Work instructions
The records that follow are to be repeated exactly, with the pictures removed.

(Stored items from a collection)
★ ★ ★ ★ ★
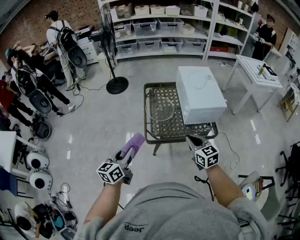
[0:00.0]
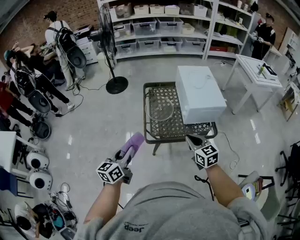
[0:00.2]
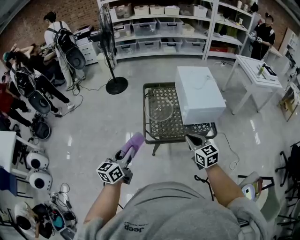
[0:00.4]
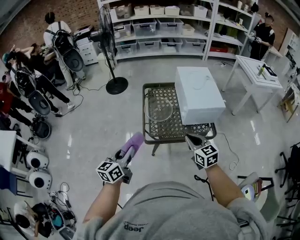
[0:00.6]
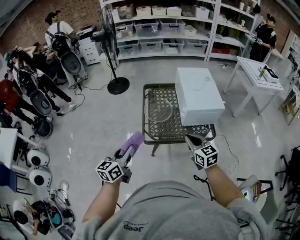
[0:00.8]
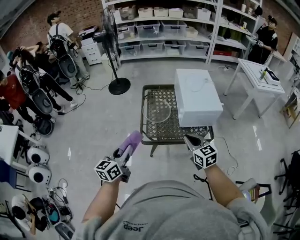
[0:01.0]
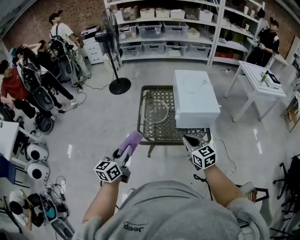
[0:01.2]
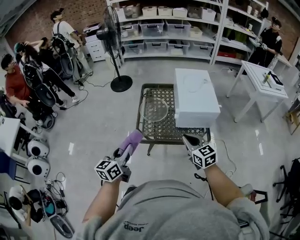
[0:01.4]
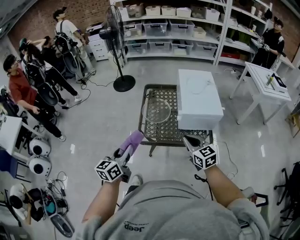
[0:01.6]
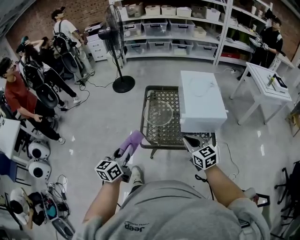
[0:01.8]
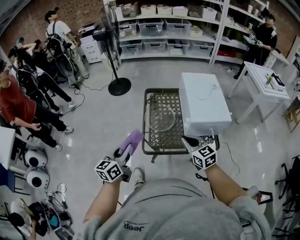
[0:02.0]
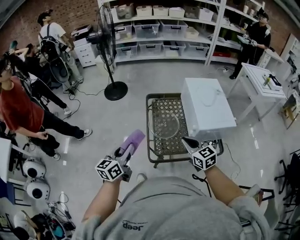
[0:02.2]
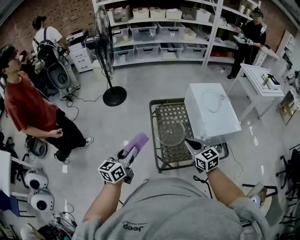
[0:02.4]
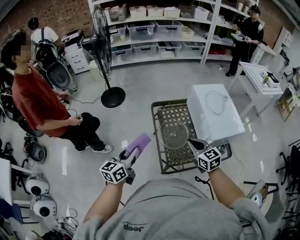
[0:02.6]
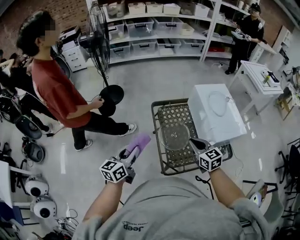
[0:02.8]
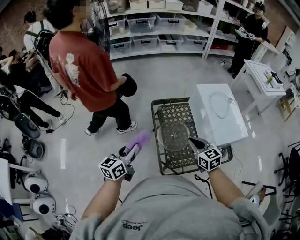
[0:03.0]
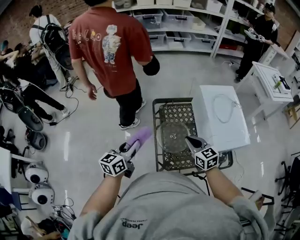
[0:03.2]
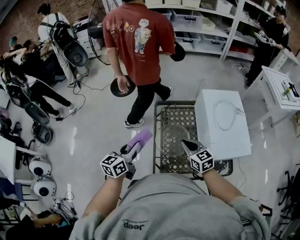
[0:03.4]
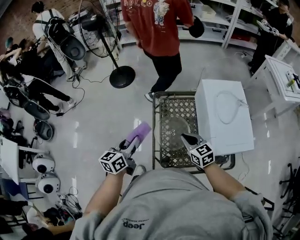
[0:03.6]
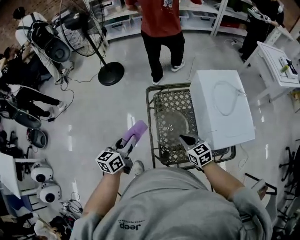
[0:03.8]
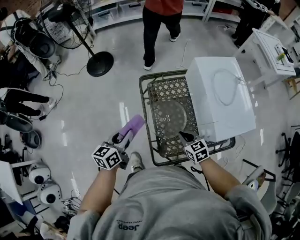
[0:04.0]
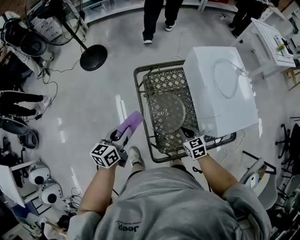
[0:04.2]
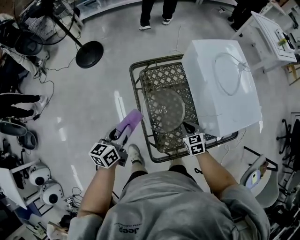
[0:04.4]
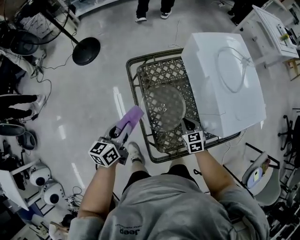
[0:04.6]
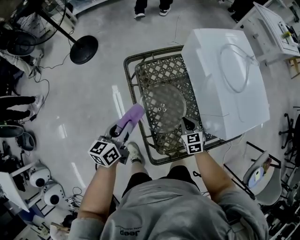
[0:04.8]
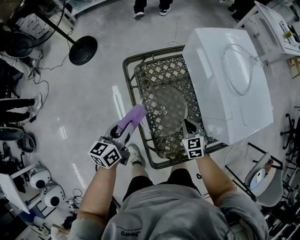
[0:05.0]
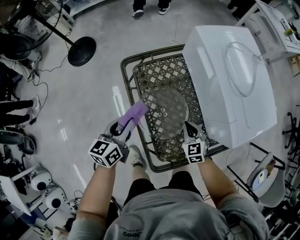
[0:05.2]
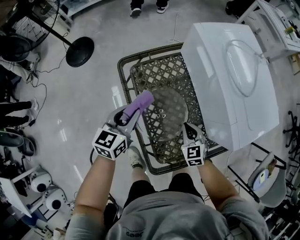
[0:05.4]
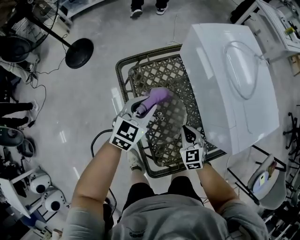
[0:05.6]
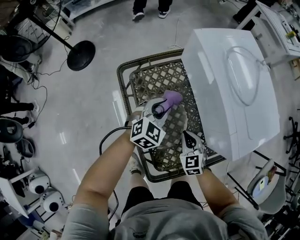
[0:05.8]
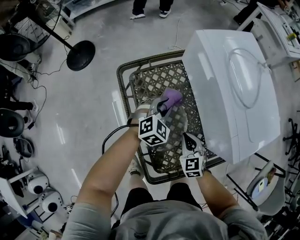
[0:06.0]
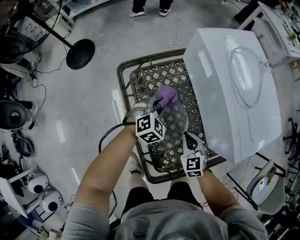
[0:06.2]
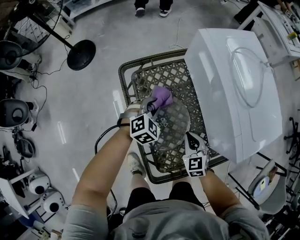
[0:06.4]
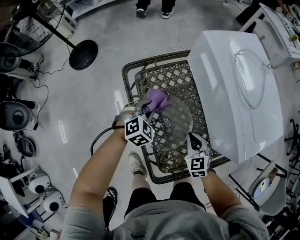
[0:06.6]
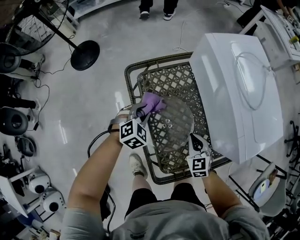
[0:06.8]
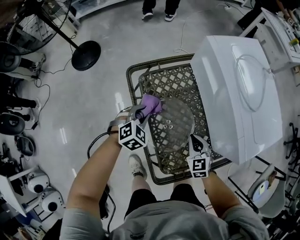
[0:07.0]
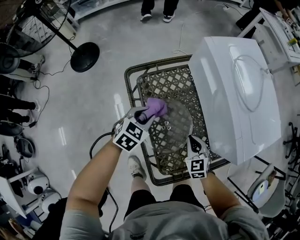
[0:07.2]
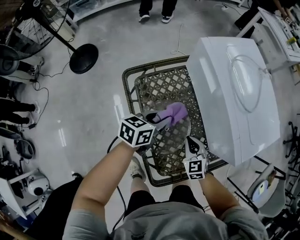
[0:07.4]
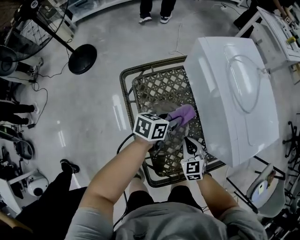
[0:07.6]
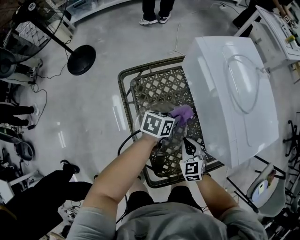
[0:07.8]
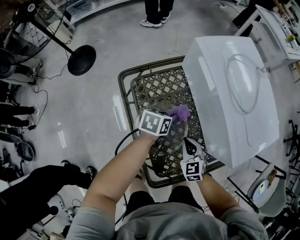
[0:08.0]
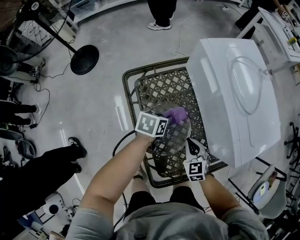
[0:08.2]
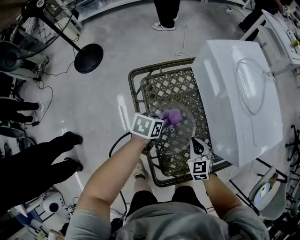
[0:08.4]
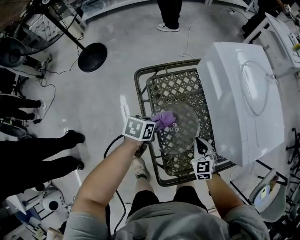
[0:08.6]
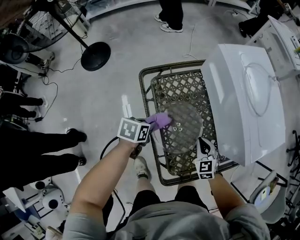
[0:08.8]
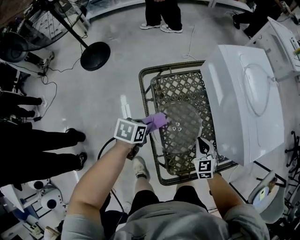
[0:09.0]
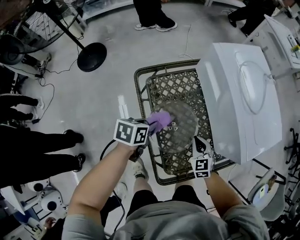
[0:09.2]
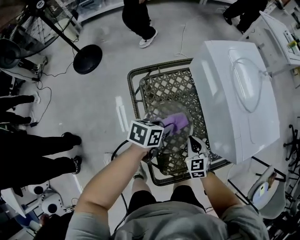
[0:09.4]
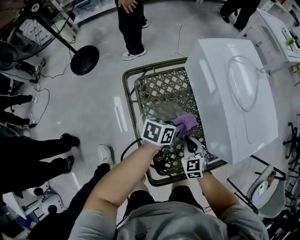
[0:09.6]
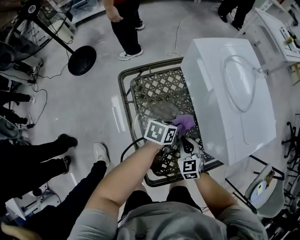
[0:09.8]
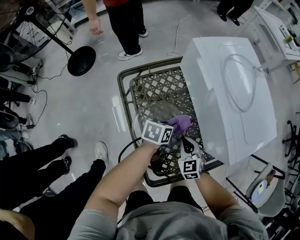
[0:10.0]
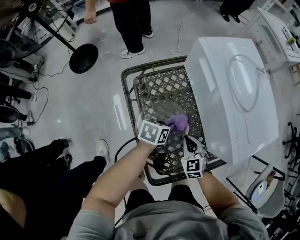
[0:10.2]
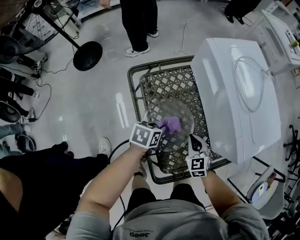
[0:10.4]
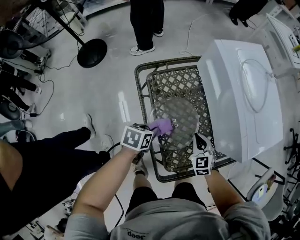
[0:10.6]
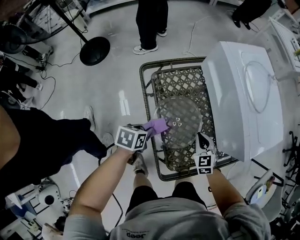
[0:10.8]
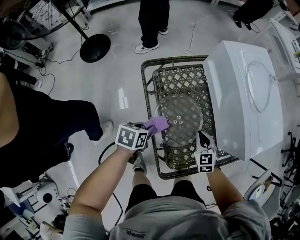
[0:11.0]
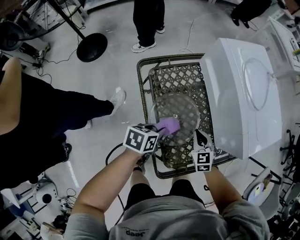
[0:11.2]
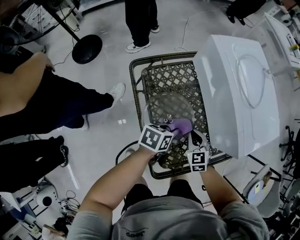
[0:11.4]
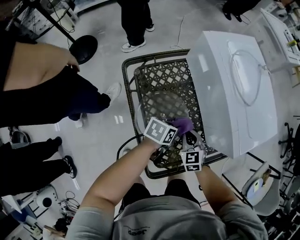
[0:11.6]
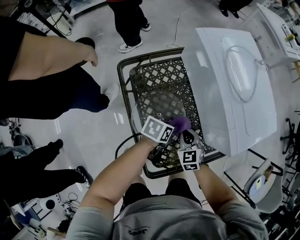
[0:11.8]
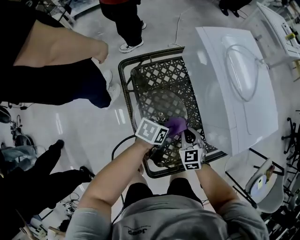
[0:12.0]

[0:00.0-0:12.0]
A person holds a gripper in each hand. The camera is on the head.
0.0 to 1.6 s: Both grippers travel together to the right, some 10 cm.
1.6 to 3.0 s: The grippers both shift forward and to the left by approximately 35 cm.
3.0 to 4.4 s: The left gripper moves downward, forward and to the right, some 20 cm, while the right gripper travels downward by about 25 cm, and changes its angle by approximately 20 degrees.
4.4 to 6.0 s: The left gripper travels to the right, forward and downward by roughly 30 cm, and rotates around the line of its fingers by some 70 degrees, clockwise from behind.
6.0 to 7.6 s: The left gripper reaches some 10 cm to the left, then returns, and rolls counterclockwise, seen from behind, by some 60 degrees.
7.6 to 9.0 s: The left gripper goes some 20 cm to the left and backward, and turns by approximately 30 degrees.
9.0 to 10.4 s: The left gripper is displaced to the right by roughly 10 cm.
10.4 to 12.0 s: The left gripper goes some 10 cm to the right.
★ ★ ★ ★ ★
Answer to this exercise
[0:00.0]
[0:00.2]
[0:00.4]
[0:00.6]
[0:00.8]
[0:01.0]
[0:01.2]
[0:01.4]
[0:01.6]
[0:01.8]
[0:02.0]
[0:02.2]
[0:02.4]
[0:02.6]
[0:02.8]
[0:03.0]
[0:03.2]
[0:03.4]
[0:03.6]
[0:03.8]
[0:04.0]
[0:04.2]
[0:04.4]
[0:04.6]
[0:04.8]
[0:05.0]
[0:05.2]
[0:05.4]
[0:05.6]
[0:05.8]
[0:06.0]
[0:06.2]
[0:06.4]
[0:06.6]
[0:06.8]
[0:07.0]
[0:07.2]
[0:07.4]
[0:07.6]
[0:07.8]
[0:08.0]
[0:08.2]
[0:08.4]
[0:08.6]
[0:08.8]
[0:09.0]
[0:09.2]
[0:09.4]
[0:09.6]
[0:09.8]
[0:10.0]
[0:10.2]
[0:10.4]
[0:10.6]
[0:10.8]
[0:11.0]
[0:11.2]
[0:11.4]
[0:11.6]
[0:11.8]
[0:12.0]

[0:00.0-0:12.0]
A person holds a gripper in each hand. The camera is on the head.
0.0 to 1.6 s: Both grippers travel together to the right, some 10 cm.
1.6 to 3.0 s: The grippers both shift forward and to the left by approximately 35 cm.
3.0 to 4.4 s: The left gripper moves downward, forward and to the right, some 20 cm, while the right gripper travels downward by about 25 cm, and changes its angle by approximately 20 degrees.
4.4 to 6.0 s: The left gripper travels to the right, forward and downward by roughly 30 cm, and rotates around the line of its fingers by some 70 degrees, clockwise from behind.
6.0 to 7.6 s: The left gripper reaches some 10 cm to the left, then returns, and rolls counterclockwise, seen from behind, by some 60 degrees.
7.6 to 9.0 s: The left gripper goes some 20 cm to the left and backward, and turns by approximately 30 degrees.
9.0 to 10.4 s: The left gripper is displaced to the right by roughly 10 cm.
10.4 to 12.0 s: The left gripper goes some 10 cm to the right.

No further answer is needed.